Le beffroi

Protections

Le statut juridique des beffrois

Les beffrois civils et ecclésiastiques forment un tout avec un ou plusieurs bâtiments, qui sont protégés comme monuments historiques. De plus, certains beffrois font partie d'un site urbain protégé, ce qui est illustré par la table ci-jointe.

De cette table on peut concluer que:

  • la protection légale comme monument date de la première période d'application de la loi de 1931 sur la protection des Monuments et des Sites. Cela prouve que les beffrois et les complexes dont ils font partie possèdent les valeurs nécessaires, dont la valeur artistique, historique et archéologique.
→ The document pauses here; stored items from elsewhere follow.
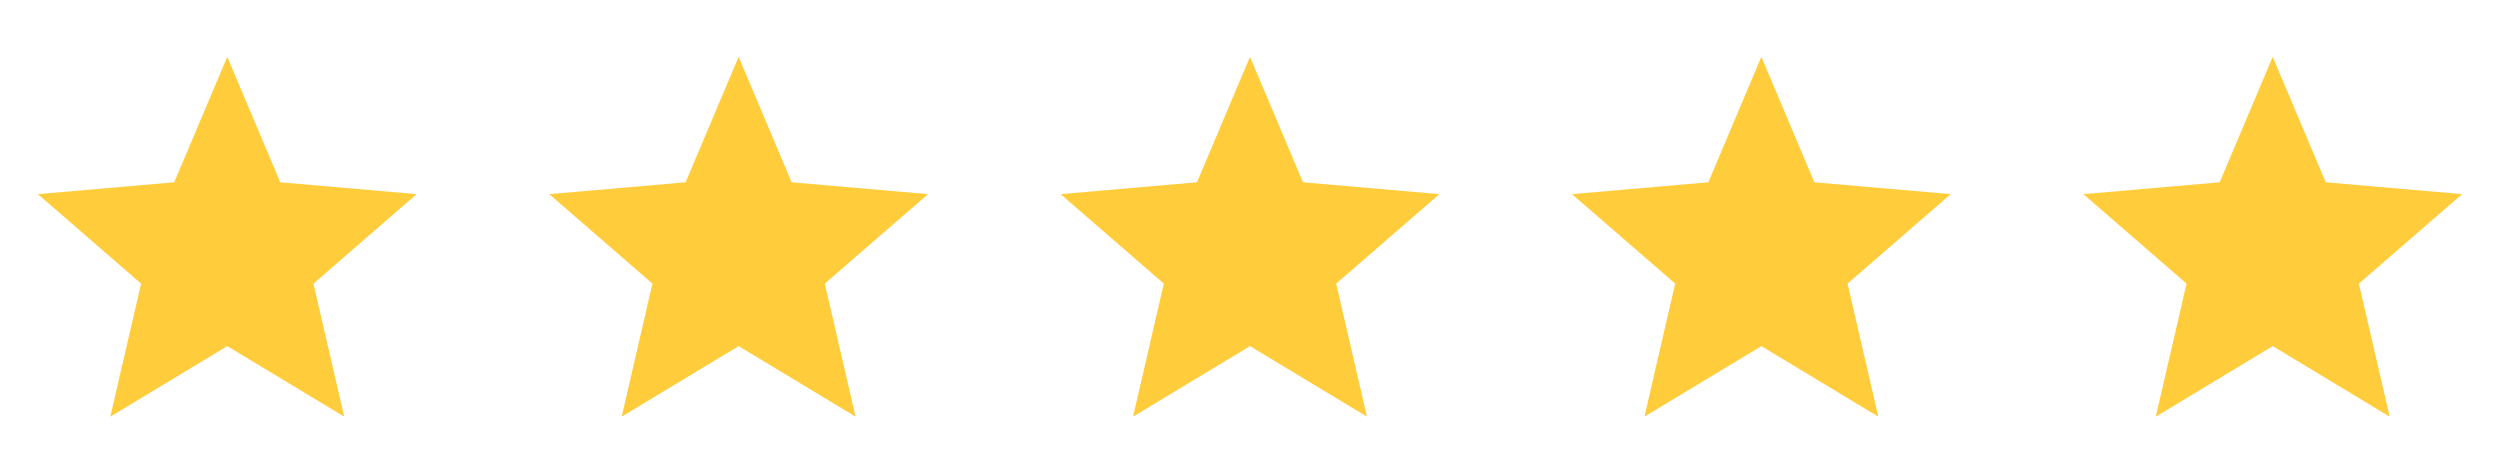 <svg width="176" height="32" viewBox="0 0 176 32" fill="none" xmlns="http://www.w3.org/2000/svg">
<mask id="mask0_1290_3050" style="mask-type:alpha" maskUnits="userSpaceOnUse" x="0" y="0" width="32" height="32">
<rect width="32" height="32" fill="#FFCD3C"/>
</mask>
<g mask="url(#mask0_1290_3050)">
<path d="M7.767 29.333L9.933 19.967L2.667 13.667L12.267 12.833L16 4L19.733 12.833L29.333 13.667L22.067 19.967L24.233 29.333L16 24.367L7.767 29.333Z" fill="#FFCD3C"/>
</g>
<mask id="mask1_1290_3050" style="mask-type:alpha" maskUnits="userSpaceOnUse" x="36" y="0" width="32" height="32">
<rect x="36" width="32" height="32" fill="#FFCD3C"/>
</mask>
<g mask="url(#mask1_1290_3050)">
<path d="M43.767 29.333L45.933 19.967L38.667 13.667L48.267 12.833L52 4L55.733 12.833L65.333 13.667L58.067 19.967L60.233 29.333L52 24.367L43.767 29.333Z" fill="#FFCD3C"/>
</g>
<mask id="mask2_1290_3050" style="mask-type:alpha" maskUnits="userSpaceOnUse" x="72" y="0" width="32" height="32">
<rect x="72" width="32" height="32" fill="#FFCD3C"/>
</mask>
<g mask="url(#mask2_1290_3050)">
<path d="M79.767 29.333L81.933 19.967L74.667 13.667L84.267 12.833L88 4L91.733 12.833L101.333 13.667L94.067 19.967L96.233 29.333L88 24.367L79.767 29.333Z" fill="#FFCD3C"/>
</g>
<mask id="mask3_1290_3050" style="mask-type:alpha" maskUnits="userSpaceOnUse" x="108" y="0" width="32" height="32">
<rect x="108" width="32" height="32" fill="#FFCD3C"/>
</mask>
<g mask="url(#mask3_1290_3050)">
<path d="M115.767 29.333L117.933 19.967L110.667 13.667L120.267 12.833L124 4L127.733 12.833L137.333 13.667L130.067 19.967L132.233 29.333L124 24.367L115.767 29.333Z" fill="#FFCD3C"/>
</g>
<mask id="mask4_1290_3050" style="mask-type:alpha" maskUnits="userSpaceOnUse" x="144" y="0" width="32" height="32">
<rect x="144" width="32" height="32" fill="#FFCD3C"/>
</mask>
<g mask="url(#mask4_1290_3050)">
<path d="M151.767 29.333L153.933 19.967L146.667 13.667L156.267 12.833L160 4L163.733 12.833L173.333 13.667L166.067 19.967L168.233 29.333L160 24.367L151.767 29.333Z" fill="#FFCD3C"/>
</g>
</svg>
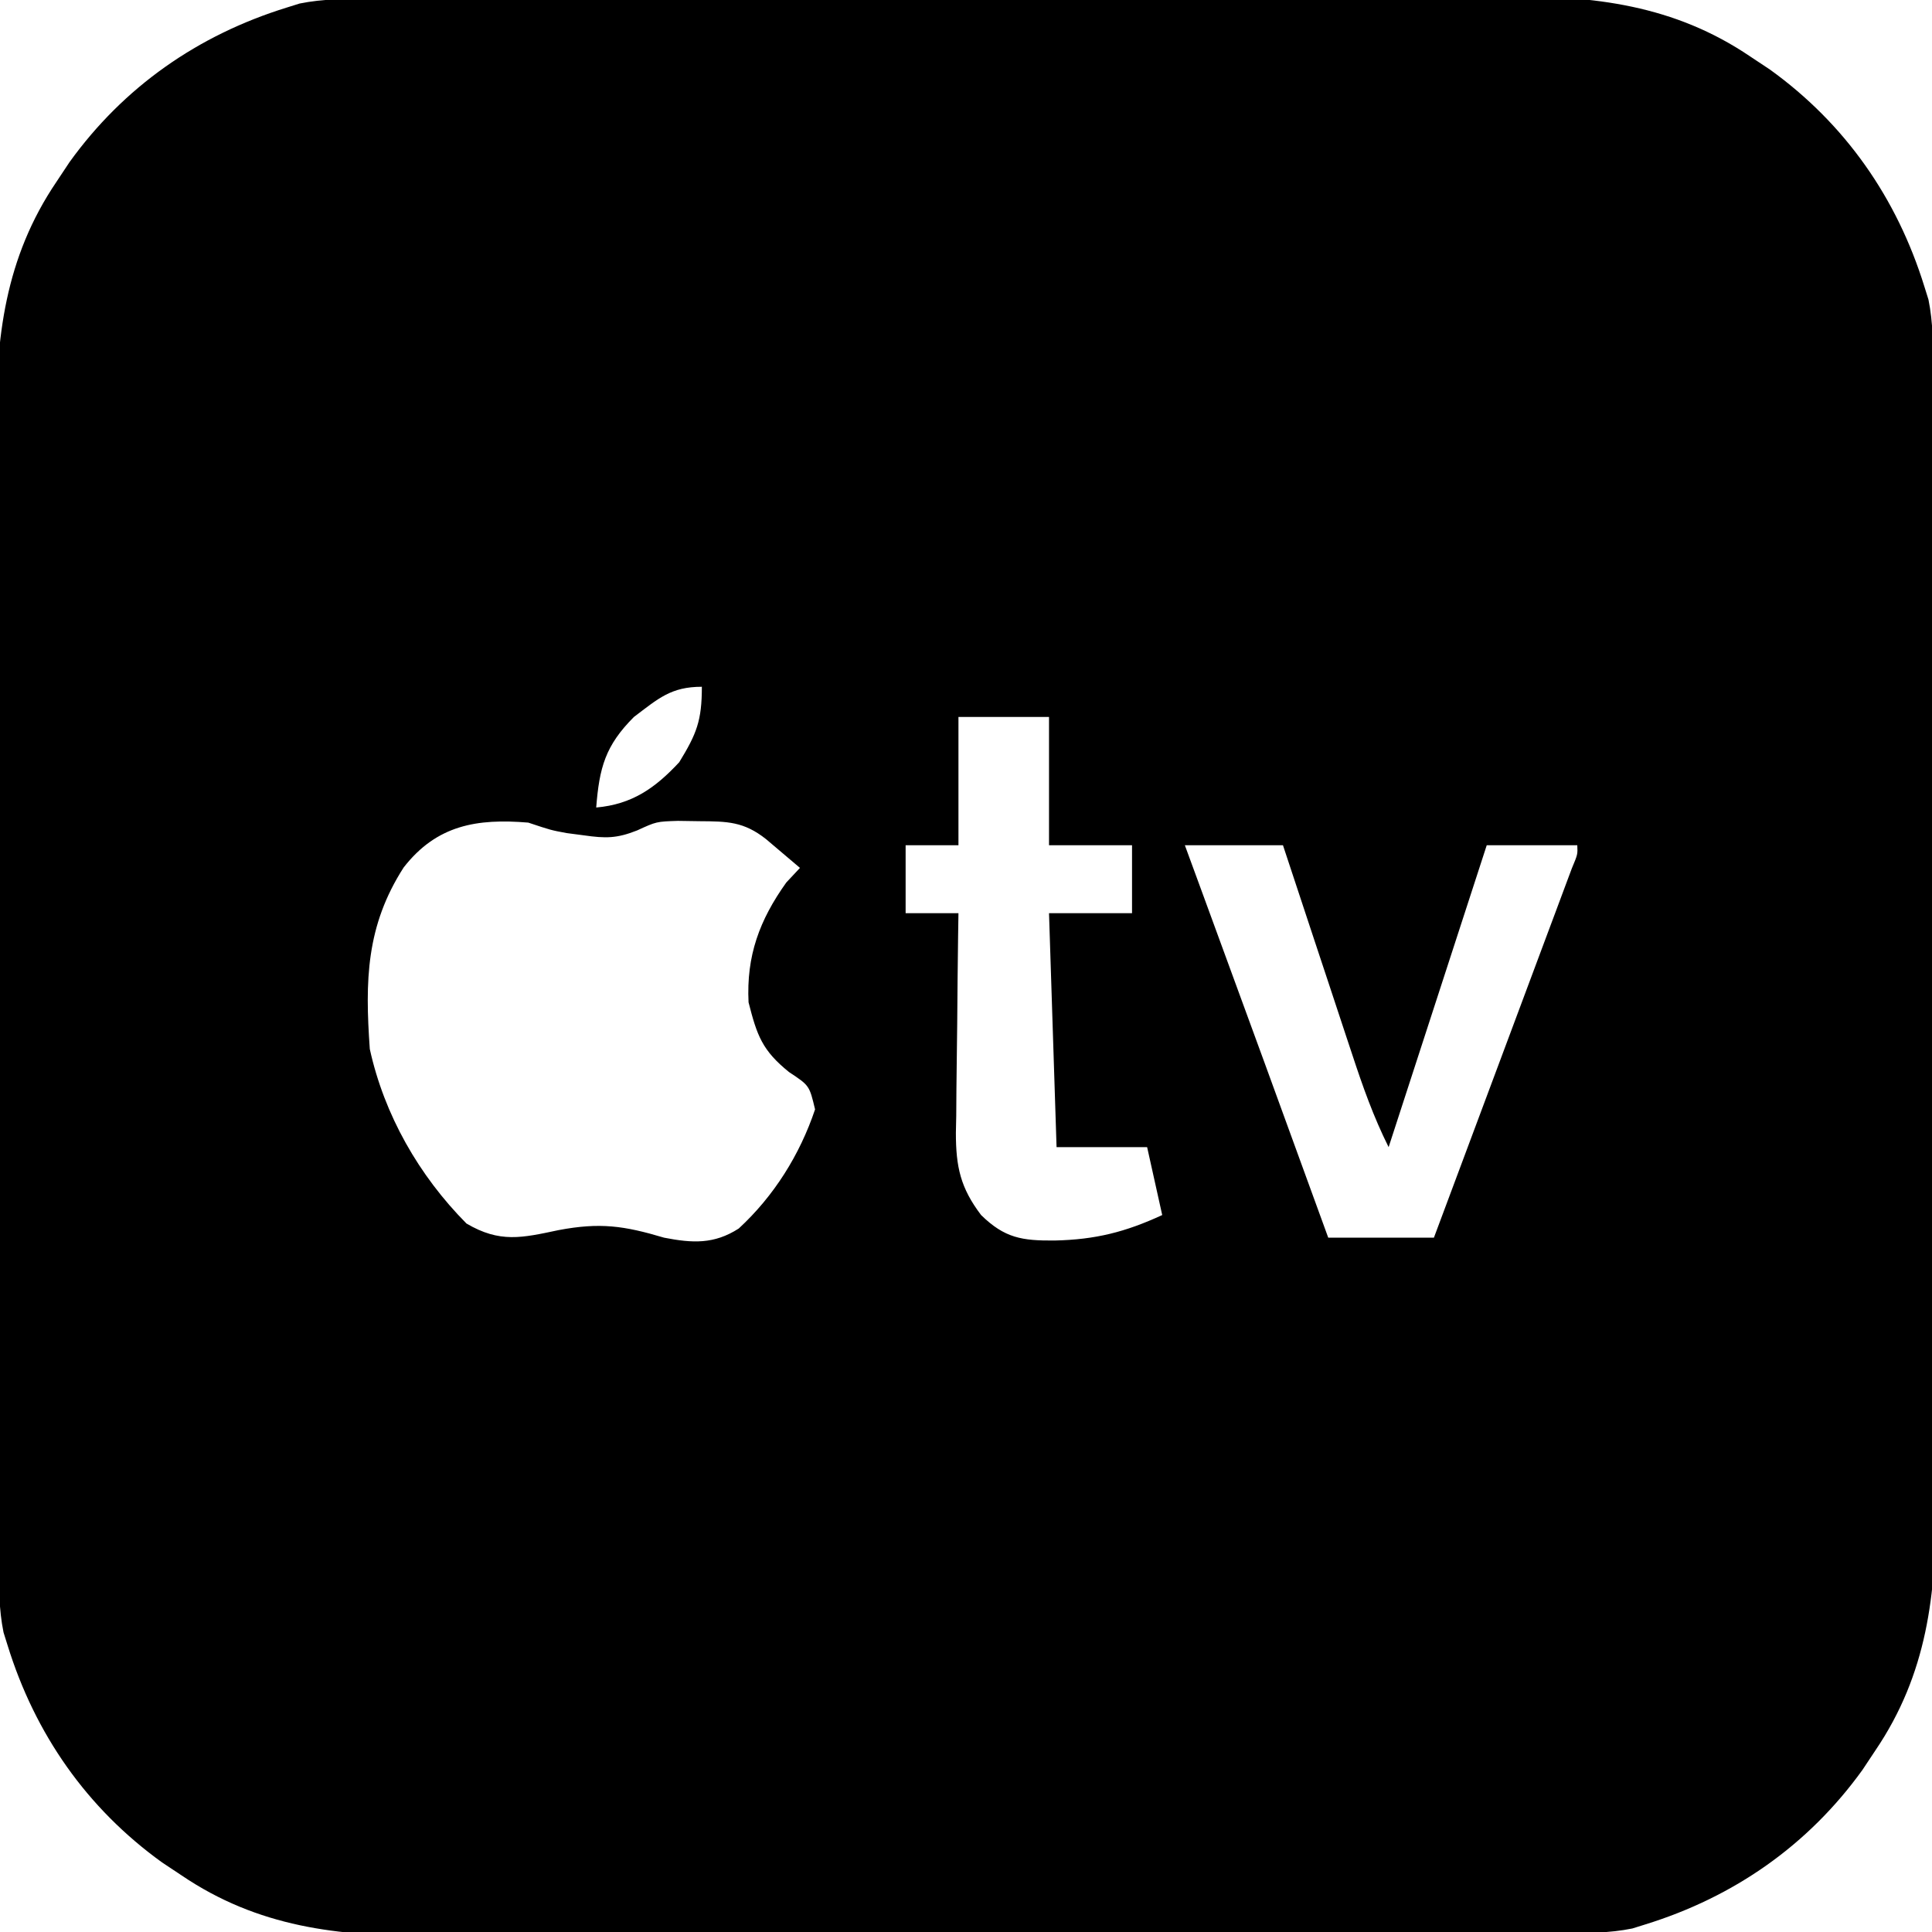 <svg xmlns="http://www.w3.org/2000/svg" width="256" height="256"><path d="M0 0 C0.697 -0.004 1.395 -0.007 2.113 -0.011 C4.45 -0.022 6.786 -0.026 9.123 -0.03 C10.798 -0.036 12.474 -0.043 14.15 -0.05 C19.654 -0.071 25.159 -0.081 30.664 -0.091 C32.562 -0.095 34.46 -0.099 36.357 -0.103 C45.279 -0.123 54.2 -0.137 63.121 -0.145 C73.401 -0.155 83.681 -0.181 93.962 -0.222 C101.918 -0.252 109.874 -0.267 117.83 -0.27 C122.577 -0.272 127.323 -0.281 132.07 -0.306 C136.542 -0.33 141.013 -0.334 145.485 -0.324 C147.118 -0.323 148.751 -0.329 150.385 -0.343 C162.248 -0.438 172.905 0.798 183.007 7.647 C183.862 8.214 184.717 8.782 185.597 9.366 C195.557 16.54 202.427 26.373 206.07 38.147 C206.245 38.708 206.421 39.269 206.602 39.847 C207.233 42.95 207.206 45.91 207.217 49.077 C207.221 49.775 207.224 50.472 207.228 51.19 C207.239 53.527 207.243 55.863 207.247 58.2 C207.253 59.876 207.26 61.551 207.267 63.227 C207.288 68.732 207.298 74.236 207.308 79.741 C207.312 81.639 207.316 83.537 207.321 85.435 C207.34 94.356 207.354 103.277 207.362 112.198 C207.372 122.478 207.398 132.759 207.439 143.039 C207.469 150.995 207.484 158.951 207.487 166.907 C207.489 171.654 207.498 176.4 207.523 181.147 C207.547 185.619 207.551 190.09 207.541 194.562 C207.54 196.195 207.546 197.829 207.56 199.462 C207.655 211.325 206.419 221.983 199.57 232.085 C199.003 232.939 198.436 233.794 197.851 234.675 C190.677 244.634 180.844 251.504 169.07 255.147 C168.509 255.323 167.948 255.498 167.371 255.679 C164.267 256.311 161.308 256.284 158.14 256.294 C157.443 256.298 156.745 256.302 156.027 256.305 C153.69 256.316 151.354 256.32 149.017 256.324 C147.342 256.33 145.666 256.337 143.99 256.344 C138.486 256.365 132.981 256.375 127.476 256.385 C125.578 256.39 123.68 256.394 121.782 256.398 C112.861 256.417 103.94 256.431 95.019 256.439 C84.739 256.449 74.459 256.475 64.178 256.516 C56.222 256.546 48.266 256.561 40.31 256.564 C35.563 256.567 30.817 256.575 26.07 256.601 C21.598 256.624 17.127 256.628 12.655 256.618 C11.022 256.617 9.388 256.624 7.755 256.637 C-4.108 256.732 -14.765 255.496 -24.868 248.647 C-25.722 248.08 -26.577 247.513 -27.457 246.928 C-37.417 239.754 -44.287 229.922 -47.93 218.147 C-48.106 217.586 -48.281 217.026 -48.462 216.448 C-49.093 213.344 -49.066 210.385 -49.077 207.217 C-49.081 206.52 -49.085 205.822 -49.088 205.104 C-49.099 202.767 -49.103 200.431 -49.107 198.094 C-49.113 196.419 -49.12 194.743 -49.127 193.067 C-49.148 187.563 -49.158 182.058 -49.168 176.553 C-49.172 174.655 -49.177 172.758 -49.181 170.86 C-49.2 161.939 -49.214 153.018 -49.222 144.097 C-49.232 133.816 -49.258 123.536 -49.299 113.255 C-49.329 105.299 -49.344 97.343 -49.347 89.387 C-49.349 84.641 -49.358 79.894 -49.384 75.147 C-49.407 70.676 -49.411 66.204 -49.401 61.732 C-49.4 60.099 -49.407 58.466 -49.42 56.832 C-49.515 44.969 -48.279 34.312 -41.43 24.21 C-40.863 23.355 -40.296 22.5 -39.711 21.62 C-32.537 11.661 -22.705 4.79 -10.93 1.147 C-10.369 0.972 -9.808 0.796 -9.231 0.615 C-6.127 -0.016 -3.168 0.011 0 0 Z M35.07 95.147 C31.284 98.933 30.486 101.846 30.07 107.147 C34.825 106.728 37.889 104.566 41.07 101.147 C43.388 97.362 44.07 95.633 44.07 91.147 C39.974 91.147 38.309 92.701 35.07 95.147 Z M78.07 95.147 C78.07 100.757 78.07 106.367 78.07 112.147 C75.76 112.147 73.45 112.147 71.07 112.147 C71.07 115.117 71.07 118.087 71.07 121.147 C73.38 121.147 75.69 121.147 78.07 121.147 C78.054 122.181 78.039 123.215 78.022 124.281 C77.968 128.129 77.934 131.977 77.905 135.826 C77.89 137.49 77.87 139.153 77.844 140.816 C77.807 143.212 77.79 145.607 77.777 148.003 C77.761 148.742 77.746 149.482 77.73 150.244 C77.729 154.753 78.334 157.543 81.07 161.147 C84.199 164.209 86.5 164.556 90.82 164.522 C96.219 164.403 100.19 163.4 105.07 161.147 C104.41 158.177 103.75 155.207 103.07 152.147 C99.11 152.147 95.15 152.147 91.07 152.147 C90.575 136.802 90.575 136.802 90.07 121.147 C93.7 121.147 97.33 121.147 101.07 121.147 C101.07 118.177 101.07 115.207 101.07 112.147 C97.44 112.147 93.81 112.147 90.07 112.147 C90.07 106.537 90.07 100.927 90.07 95.147 C86.11 95.147 82.15 95.147 78.07 95.147 Z M4.558 115.089 C-0.434 122.856 -0.567 130.128 0.07 139.147 C1.985 147.882 6.586 155.924 12.882 162.272 C17.297 164.869 20.212 164.177 25.07 163.147 C30.561 162.106 33.743 162.558 39.07 164.147 C42.802 164.871 45.679 165.043 48.957 162.932 C53.619 158.634 57.051 153.161 59.07 147.147 C58.318 143.983 58.318 143.983 55.632 142.21 C52.057 139.332 51.377 137.353 50.257 132.96 C49.955 126.809 51.697 122.07 55.257 117.085 C55.856 116.445 56.454 115.806 57.07 115.147 C56.121 114.343 55.172 113.538 54.195 112.71 C53.661 112.257 53.128 111.805 52.578 111.339 C49.621 109.003 47.461 108.985 43.757 108.96 C42.34 108.938 42.34 108.938 40.894 108.917 C38.049 109.009 38.049 109.009 35.504 110.178 C32.797 111.256 31.299 111.242 28.445 110.835 C27.312 110.686 27.312 110.686 26.156 110.534 C24.07 110.147 24.07 110.147 21.07 109.147 C14.278 108.581 8.943 109.458 4.558 115.089 Z M108.07 112.147 C108.771 114.058 109.472 115.968 110.195 117.936 C115.844 133.331 121.477 148.732 127.07 164.147 C131.69 164.147 136.31 164.147 141.07 164.147 C143.778 156.903 146.484 149.658 149.188 142.413 C150.109 139.946 151.03 137.479 151.952 135.012 C153.274 131.476 154.594 127.938 155.914 124.401 C156.329 123.291 156.745 122.18 157.173 121.036 C157.553 120.015 157.934 118.994 158.326 117.942 C158.663 117.039 159.001 116.135 159.349 115.204 C160.125 113.353 160.125 113.353 160.07 112.147 C156.11 112.147 152.15 112.147 148.07 112.147 C143.78 125.347 139.49 138.547 135.07 152.147 C133.067 148.142 131.643 144.119 130.25 139.882 C129.986 139.088 129.723 138.295 129.451 137.477 C128.613 134.952 127.779 132.424 126.945 129.897 C126.376 128.181 125.807 126.465 125.238 124.749 C123.845 120.549 122.457 116.349 121.07 112.147 C116.78 112.147 112.49 112.147 108.07 112.147 Z " fill="#000000" transform="translate(48.93,-0.147)"></path></svg>

  • les décrets de protection sont intégralement d'application sur les bâtiments et les complexes, sauf à Menin. Là, un décret complémentaire a, environ un an plus tard, également mis l'hôtel de ville avoisinant sous protection.
  • aussi des beffrois fortement endommagés (Nieuport) et à peine reconstruits (Ypres) sont protégés, ce qui démontre l'importance qu'on prête à leur rétablissement en honneur.
  • la protection du site urbain environnant, rendue possible par le décret du 3 mars 1976 est plutôt exceptionnelle. La description du site urbain varie de la place du marché (Malines - 1985 ou Termonde - 1996) jusqu'au centre historique entier (Furnes - 1995). Le 'site' autour du beffroi de Gand est composé d'un ensemble de monuments protégés dont chacun a été protégé successivement par des 'décrets' séparés.
  • sans qu'ils soient mentionnés explicitement, les biens meubles qui font intégralement partie du monument sont également inclus dans cette protection. Dans le cas du beffroi, il s'agit notamment de l'horloge, des cloches et du carillon.